___ Source records ___

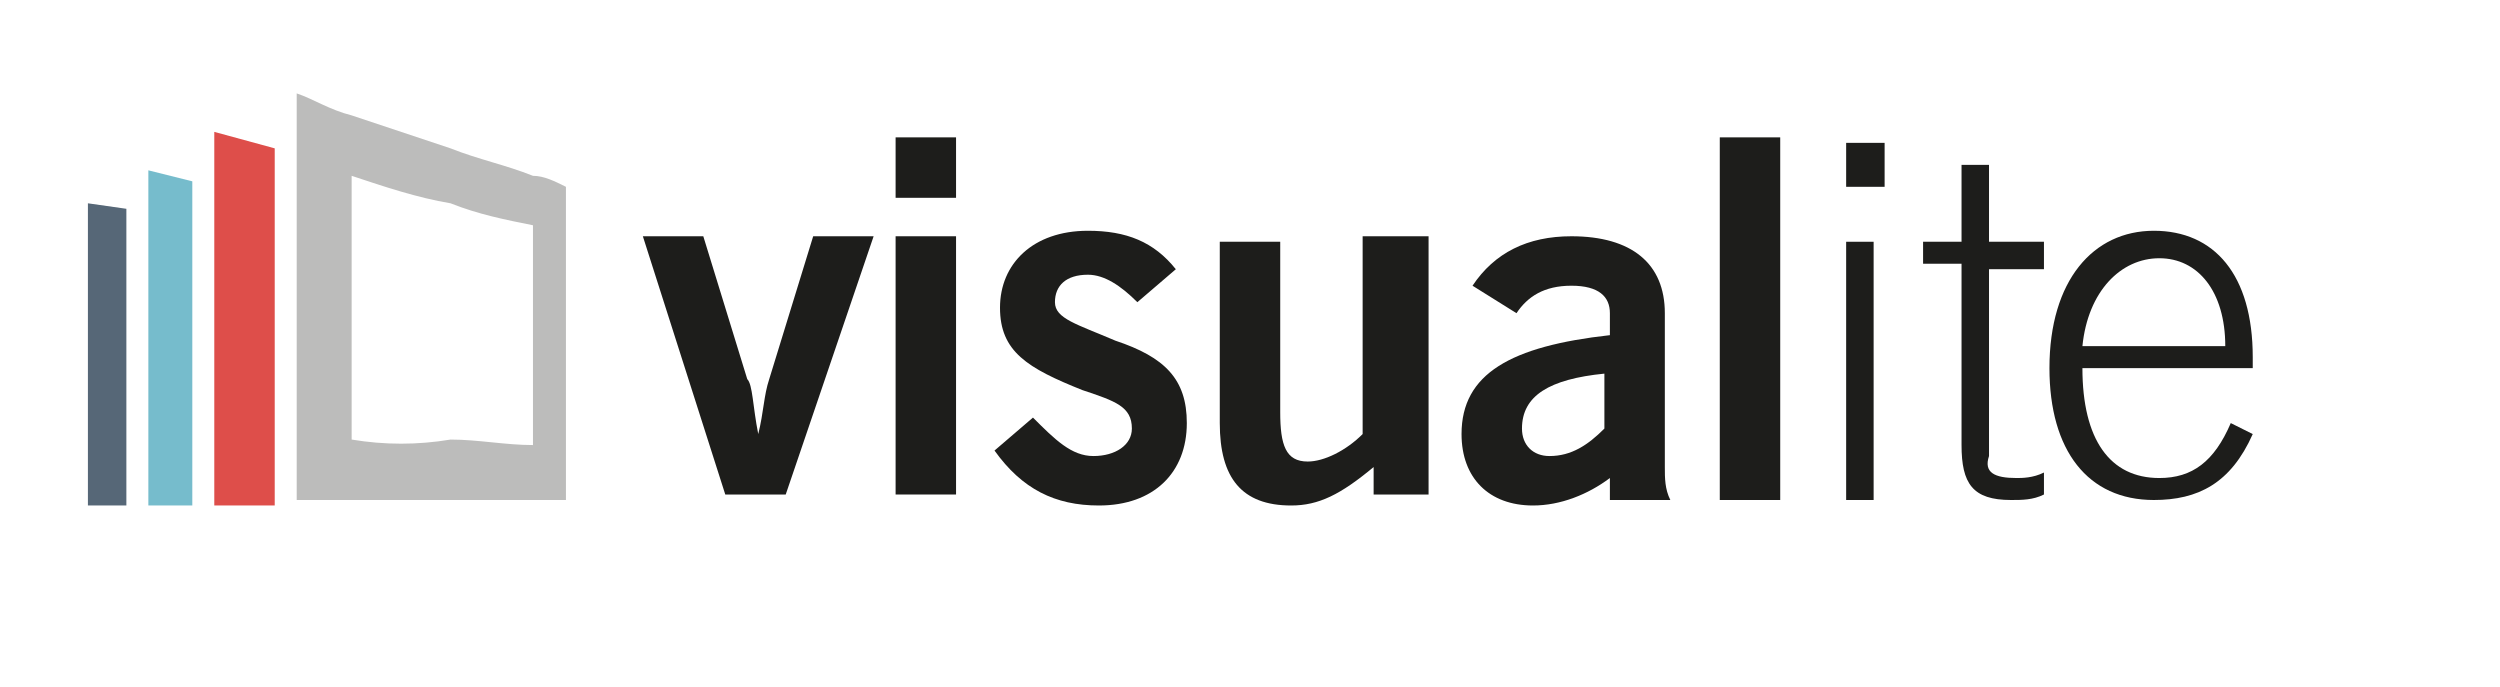 <?xml version="1.0" encoding="utf-8"?>
<!-- Generator: Adobe Illustrator 23.0.1, SVG Export Plug-In . SVG Version: 6.00 Build 0)  -->
<svg version="1.1" id="Layer_1" xmlns="http://www.w3.org/2000/svg" xmlns:xlink="http://www.w3.org/1999/xlink" x="0px" y="0px"
	 viewBox="0 0 45.5 12.5" style="enable-background:new 0 0 45.5 12.5;" xml:space="preserve">
<style type="text/css">
	.st0{fill:#1D1D1B;}
	.st1{fill:#566777;}
	.st2{fill:#76BCCC;}
	.st3{fill:#DE4E4A;}
	.st4{fill:#BCBCBB;}
</style>
<g>
	<path class="st0" d="M11.7,4.3h1.1l0.8,2.6c0.1,0.1,0.1,0.5,0.2,1c0.1-0.4,0.1-0.7,0.2-1l0.8-2.6h1.1l-1.6,4.7h-1.1L11.7,4.3
		L11.7,4.3z"/>
	<path class="st0" d="M16.3,4.3h1.1v4.7h-1.1V4.3L16.3,4.3z M16.3,2.5h1.1v1.1h-1.1V2.5L16.3,2.5z"/>
	<path class="st0" d="M18.8,7.6c0.4,0.4,0.7,0.7,1.1,0.7c0.4,0,0.7-0.2,0.7-0.5c0-0.4-0.3-0.5-0.9-0.7c-1-0.4-1.5-0.7-1.5-1.5
		s0.6-1.4,1.6-1.4c0.7,0,1.2,0.2,1.6,0.7l-0.7,0.6c-0.3-0.3-0.6-0.5-0.9-0.5c-0.4,0-0.6,0.2-0.6,0.5c0,0.3,0.4,0.4,1.1,0.7
		c0.9,0.3,1.3,0.7,1.3,1.5c0,0.9-0.6,1.5-1.6,1.5c-0.8,0-1.4-0.3-1.9-1L18.8,7.6L18.8,7.6z"/>
	<path class="st0" d="M23.5,9.2c-0.9,0-1.3-0.5-1.3-1.5V4.4h1.1v3.1c0,0.6,0.1,0.9,0.5,0.9c0.3,0,0.7-0.2,1-0.5V4.3H26v4.7h-1V8.5
		C24.4,9,24,9.2,23.5,9.2L23.5,9.2z"/>
	<path class="st0" d="M27.7,7.8c0,0.3,0.2,0.5,0.5,0.5c0.4,0,0.7-0.2,1-0.5v-1C28.2,6.9,27.7,7.2,27.7,7.8L27.7,7.8z M29.3,8.7
		c-0.4,0.3-0.9,0.5-1.4,0.5c-0.8,0-1.3-0.5-1.3-1.3c0-1.1,0.9-1.6,2.7-1.8V5.7c0-0.3-0.2-0.5-0.7-0.5s-0.8,0.2-1,0.5l-0.8-0.5
		c0.4-0.6,1-0.9,1.8-0.9c1.1,0,1.7,0.5,1.7,1.4v2.8c0,0.2,0,0.4,0.1,0.6h-1.1L29.3,8.7L29.3,8.7z"/>
	<polygon class="st0" points="31.3,2.5 32.4,2.5 32.4,9.1 31.3,9.1 	"/>
	<path class="st0" d="M33.6,4.4h0.5v4.7h-0.5V4.4L33.6,4.4z M33.6,2.6h0.7v0.8h-0.7V2.6L33.6,2.6z"/>
	<path class="st0" d="M36.7,8.7c0.1,0,0.3,0,0.5-0.1v0.4c-0.2,0.1-0.4,0.1-0.6,0.1c-0.7,0-0.9-0.3-0.9-1V4.8h-0.7V4.4h0.7V3h0.5v1.4
		h1v0.5h-1v3.4C36.1,8.6,36.3,8.7,36.7,8.7L36.7,8.7z"/>
	<path class="st0" d="M39.3,4.7c-0.7,0-1.3,0.6-1.4,1.6h2.6C40.5,5.3,40,4.7,39.3,4.7L39.3,4.7z M41,7.9c-0.4,0.9-1,1.2-1.8,1.2
		c-1.2,0-1.9-0.9-1.9-2.4c0-1.6,0.8-2.5,1.9-2.5c1.1,0,1.8,0.8,1.8,2.3c0,0.1,0,0.1,0,0.2h-3.1c0,1.3,0.5,2,1.4,2c0.6,0,1-0.3,1.3-1
		L41,7.9L41,7.9z"/>
</g>
<polygon class="st1" points="1.6,9.2 2,9.2 2.3,9.2 2.3,6.2 2.3,3.8 1.6,3.7 1.6,6.4 "/>
<polygon class="st2" points="2.7,9.2 3.1,9.2 3.5,9.2 3.5,5.9 3.5,3.3 2.7,3.1 2.7,6.1 "/>
<path class="st3" d="M3.9,9.2c0.2,0,0.3,0,0.5,0c0.2,0,0.4,0,0.6,0c0-1.2,0-2.5,0-3.7s0-1.5,0-2.8L3.9,2.4c0,1.1,0,2.3,0,3.4
	S3.9,8.1,3.9,9.2L3.9,9.2z"/>
<path class="st4" d="M10.3,3.4c-0.2-0.1-0.4-0.2-0.6-0.2C9.2,3,8.7,2.9,8.2,2.7C7.6,2.5,7,2.3,6.4,2.1C6,2,5.7,1.8,5.4,1.7
	c0,0.4,0,0.8,0,1.2c0,0.8,0,1.7,0,2.5s0,1.7,0,2.5c0,0.4,0,0.8,0,1.2c0.3,0,0.7,0,1,0c0.6,0,1.2,0,1.8,0c0.5,0,1,0,1.5,0
	c0.2,0,0.4,0,0.6,0c0-0.3,0-0.6,0-0.9c0-0.7,0-1.3,0-1.9s0-1.3,0-1.9C10.3,4.1,10.3,3.8,10.3,3.4L10.3,3.4L10.3,3.4z M6.4,8
	c0-0.8,0-1.6,0-2.4s0-1.6,0-2.4C7,3.4,7.6,3.6,8.2,3.7c0.5,0.2,1,0.3,1.5,0.4c0,0.7,0,1.3,0,2s0,1.3,0,2c-0.5,0-1-0.1-1.5-0.1
	C7.6,8.1,7,8.1,6.4,8L6.4,8z"/>
</svg>
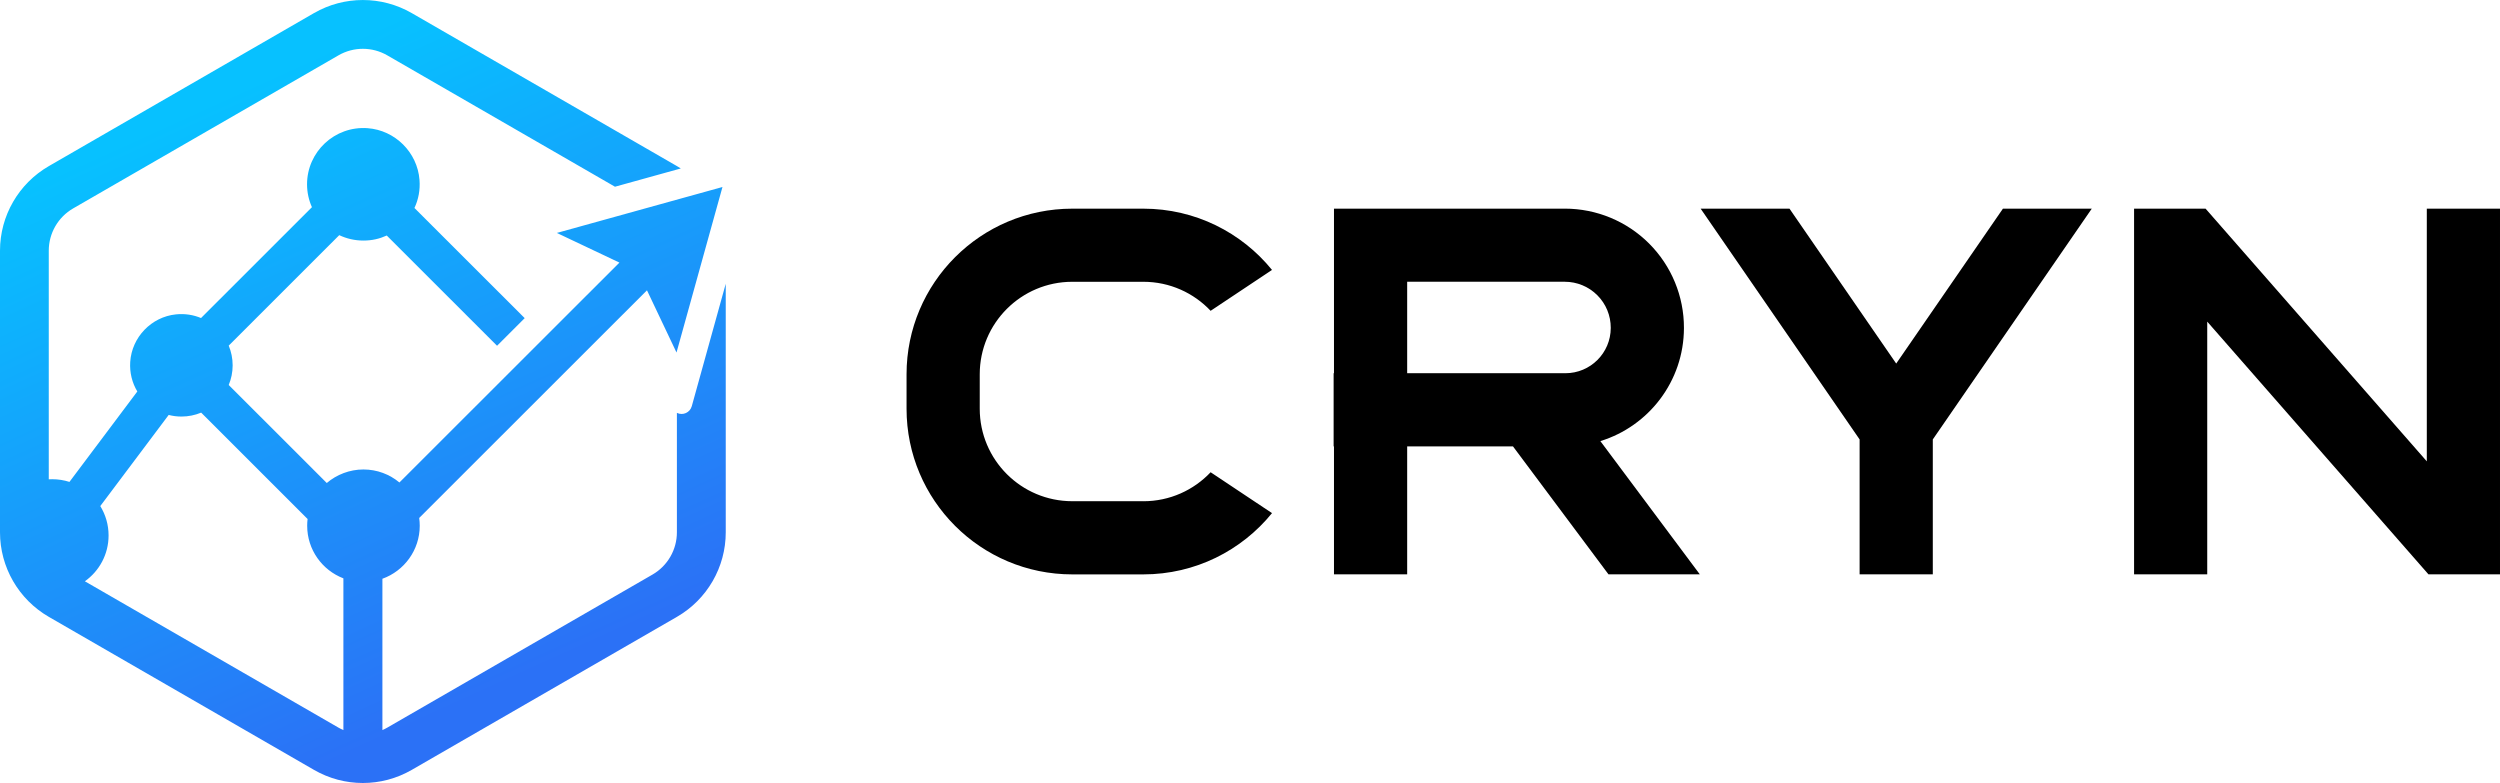 <svg width="894" height="280" viewBox="0 0 894 280" fill="none" xmlns="http://www.w3.org/2000/svg">
  <path fill-rule="evenodd" clip-rule="evenodd" d="M867.826 164.976V74.608H893.998V205.392H868.425L789.307 115.014V205.392H763.145V74.608H788.708L867.826 164.976Z" fill="black"/>
  <path fill-rule="evenodd" clip-rule="evenodd" d="M748.025 74.608L691.17 157.14V205.392H664.998V157.14L608.143 74.608H639.915L678.084 130.009L716.253 74.608H748.025Z" fill="black"/>
  <path fill-rule="evenodd" clip-rule="evenodd" d="M572.291 157.739C589.563 152.417 602.129 136.352 602.178 117.342V117.273C602.207 105.971 597.727 95.111 589.74 87.108C581.743 79.105 570.906 74.608 559.578 74.608H477.032V133.465H476.904V159.624H477.032V205.392H503.205V159.624H541.039L575.199 205.392H607.856L572.291 157.739ZM503.205 100.757H559.578C563.94 100.757 568.136 102.495 571.211 105.588C574.296 108.671 576.015 112.854 576.005 117.224V117.283C575.985 126.228 568.735 133.465 559.785 133.465H503.205V100.767V100.757Z" fill="black"/>
  <path fill-rule="evenodd" clip-rule="evenodd" d="M408.85 179.233H383.453C365.17 179.233 350.354 164.426 350.354 146.152V133.848C350.354 115.584 365.17 100.767 383.453 100.767H408.85C418.331 100.767 426.888 104.753 432.92 111.146L454.869 96.525C444.003 83.151 427.419 74.618 408.85 74.618H383.453C350.718 74.618 324.182 101.14 324.182 133.858V146.162C324.182 178.88 350.708 205.402 383.453 205.402H408.85C427.428 205.402 444.012 196.859 454.869 183.495L432.92 168.874C426.878 175.266 418.331 179.243 408.85 179.243V179.233Z" fill="black"/>
  <path fill-rule="evenodd" clip-rule="evenodd" d="M247.374 145.268C246.745 147.546 244.191 148.695 242.059 147.644V190.349C242.059 196.594 238.728 202.358 233.325 205.471L138.497 260.194C137.928 260.528 137.348 260.823 136.749 261.068V206.963C144.53 204.175 150.1 196.732 150.1 188.002C150.1 187.059 150.032 186.127 149.904 185.223L231.36 103.811L241.921 126.061L254.526 80.656L255.047 78.781L258.358 66.87L246.44 70.179L244.79 70.631L199.125 83.298L221.506 93.903L142.83 172.537C139.342 169.63 134.853 167.882 129.96 167.882C125.067 167.882 120.381 169.709 116.854 172.723L81.79 137.678C82.694 135.508 83.195 133.131 83.195 130.637C83.195 128.143 82.694 125.767 81.79 123.597L121.314 84.093C123.937 85.331 126.865 86.028 129.95 86.028C133.035 86.028 135.756 85.38 138.301 84.221L177.747 123.646L187.63 113.767L148.204 74.372C149.629 71.358 150.297 67.93 150.012 64.317C149.255 54.488 141.288 46.554 131.443 45.837C119.664 44.983 109.8 54.301 109.8 65.908C109.8 68.814 110.429 71.593 111.549 74.087L71.887 113.728C69.155 112.589 66.1 112.088 62.897 112.422C54.114 113.335 47.148 120.592 46.569 129.4C46.313 133.279 47.266 136.931 49.103 139.995L24.837 172.33C22.901 171.712 20.828 171.368 18.686 171.368C18.264 171.368 17.851 171.378 17.439 171.407V89.631C17.439 83.406 20.769 77.632 26.173 74.519L121.029 19.796C126.433 16.673 133.094 16.673 138.497 19.796L219.914 66.772L243.454 60.242C242.992 59.947 242.53 59.663 242.059 59.388L147.232 4.674C136.424 -1.551 123.102 -1.551 112.295 4.674L17.468 59.398C6.661 65.643 0 77.171 0 89.631V190.349C0 202.829 6.661 214.357 17.468 220.593L112.295 275.316C123.102 281.561 136.424 281.561 147.232 275.316L242.059 220.593C252.866 214.357 259.527 202.829 259.527 190.349V101.474L247.374 145.278V145.268ZM122.778 261.068C122.189 260.823 121.599 260.528 121.029 260.194L30.348 207.867C35.477 204.234 38.827 198.244 38.827 191.478C38.827 187.629 37.746 184.035 35.86 180.971L60.323 148.381C61.777 148.764 63.31 148.96 64.891 148.96C67.387 148.96 69.764 148.459 71.936 147.556L109.996 185.596C109.898 186.392 109.849 187.207 109.849 188.012C109.849 196.594 115.233 203.919 122.798 206.816V261.068H122.778Z" fill="url(#paint0_linear_203_260)"/>
  <defs>
    <linearGradient id="paint0_linear_203_260" x1="83.892" y1="32.875" x2="180.216" y2="244.767" gradientUnits="userSpaceOnUse">
      <stop stop-color="#07C1FF"/>
      <stop offset="1" stop-color="#2B71F6"/>
    </linearGradient>
  </defs>
</svg>

___

Each line that mentions the string "stop" must be copied from the listing.

      <stop stop-color="#07C1FF"/>
      <stop offset="1" stop-color="#2B71F6"/>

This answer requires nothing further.